Rulfo andaba dando vueltas por el vecindario, era una tarde serena y agradable. Al pasar por casa de su amigo tomó la esquina y se dirigió a hacerle una visita. Al llegar al portal llamó al timbre un par de veces y se quedó un rato esperando. No contestaba. En ese momento un vecino le preguntó si estaba tratando de utilizar el timbre. Al contestarle que sí el vecino le advirtió que últimamente no funcionaban bien. Al escucharles entró en la conversación un tercer vecino, un tanto enfurecidó les habló de que él mismo había tratado de hablar con el presidente de la comunidad sobre el tema, y de que los timbres necesitaban ser arreglados urgentemente. Ante el enojo de aquel vecino, Rulfo trató de apaciguarlo, pero aquel hombre era de esos que se enfurece más cuando alguien trata de calmarlo.
-Cabrón de presidente, venga a subir las cuotas y los timbres en este estado...
-Bueno, eso suele pasar, no es culpa de nadie-le contenía Rulfo- las cosas se deterioran...
-¡Qué no es culpa de nadie!...
No tardaron en pasar por allí un par de vacinas más , perrito incluido. Rápidamente se sumaron a la protesta e indignación, mientras el perrito empezaba a ladrar y hacer atisbos de morder al bueno de Rulfo.
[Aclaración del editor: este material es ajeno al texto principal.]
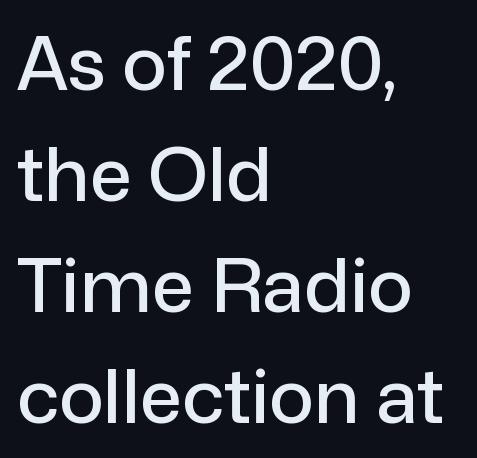
The image shows 75 px sans-serif type, upright; set left-aligned, normal line spacing (1.48x), normal letter spacing, not underlined; low stroke contrast and a medium x-height.

Para su alivio por fin pasó por allí su amigo que también paseaba tranquilo. Mientras le saludaba a lo lejos trataba de apaciguar a los vecinos.
-Tranquilos...que no había nadie en casa...que no había nadie,,,,- Pero no lo escuchaban.
Ambos amigos se marcharon a tomar un chato de vino. Detrás ya un par de chiquillos tiraba piedras a la ventana del presidente.